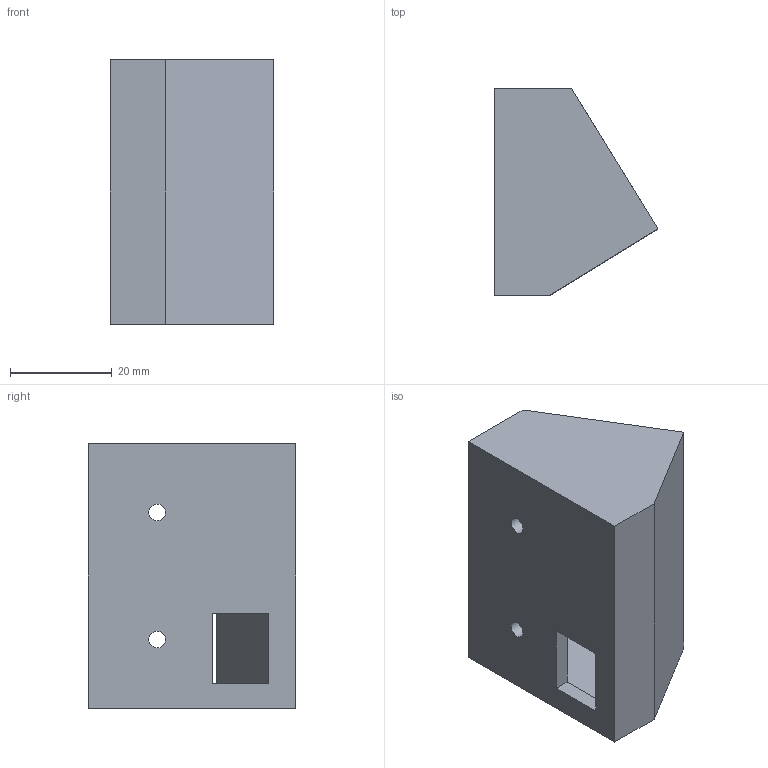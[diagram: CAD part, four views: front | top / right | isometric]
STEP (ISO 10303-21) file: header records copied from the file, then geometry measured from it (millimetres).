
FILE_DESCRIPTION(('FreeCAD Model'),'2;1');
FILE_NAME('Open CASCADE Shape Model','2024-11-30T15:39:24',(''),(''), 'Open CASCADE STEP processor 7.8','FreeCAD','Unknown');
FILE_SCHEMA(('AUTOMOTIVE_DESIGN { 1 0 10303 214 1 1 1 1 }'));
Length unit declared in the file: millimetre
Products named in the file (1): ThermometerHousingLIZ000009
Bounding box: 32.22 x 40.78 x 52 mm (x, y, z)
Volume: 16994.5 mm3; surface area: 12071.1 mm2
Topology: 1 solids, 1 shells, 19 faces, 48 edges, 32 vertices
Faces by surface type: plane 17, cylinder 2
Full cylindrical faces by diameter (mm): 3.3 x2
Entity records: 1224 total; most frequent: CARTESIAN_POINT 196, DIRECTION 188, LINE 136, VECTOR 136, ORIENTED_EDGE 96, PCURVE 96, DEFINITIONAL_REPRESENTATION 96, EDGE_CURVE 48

● ● ●

- Activity: Provide an exact copy of the records, excluding every picture.

- Task output:
[diagram: CAD part, four views: front | top / right | isometric]
STEP (ISO 10303-21) file: header records copied from the file, then geometry measured from it (millimetres).
FILE_DESCRIPTION(('FreeCAD Model'),'2;1');
FILE_NAME('Open CASCADE Shape Model','2024-11-30T15:39:24',(''),(''), 'Open CASCADE STEP processor 7.8','FreeCAD','Unknown');
FILE_SCHEMA(('AUTOMOTIVE_DESIGN { 1 0 10303 214 1 1 1 1 }'));
Length unit declared in the file: millimetre
Products named in the file (1): ThermometerHousingLIZ000009
Bounding box: 32.22 x 40.78 x 52 mm (x, y, z)
Volume: 16994.5 mm3; surface area: 12071.1 mm2
Topology: 1 solids, 1 shells, 19 faces, 48 edges, 32 vertices
Faces by surface type: plane 17, cylinder 2
Full cylindrical faces by diameter (mm): 3.3 x2
Entity records: 1224 total; most frequent: CARTESIAN_POINT 196, DIRECTION 188, LINE 136, VECTOR 136, ORIENTED_EDGE 96, PCURVE 96, DEFINITIONAL_REPRESENTATION 96, EDGE_CURVE 48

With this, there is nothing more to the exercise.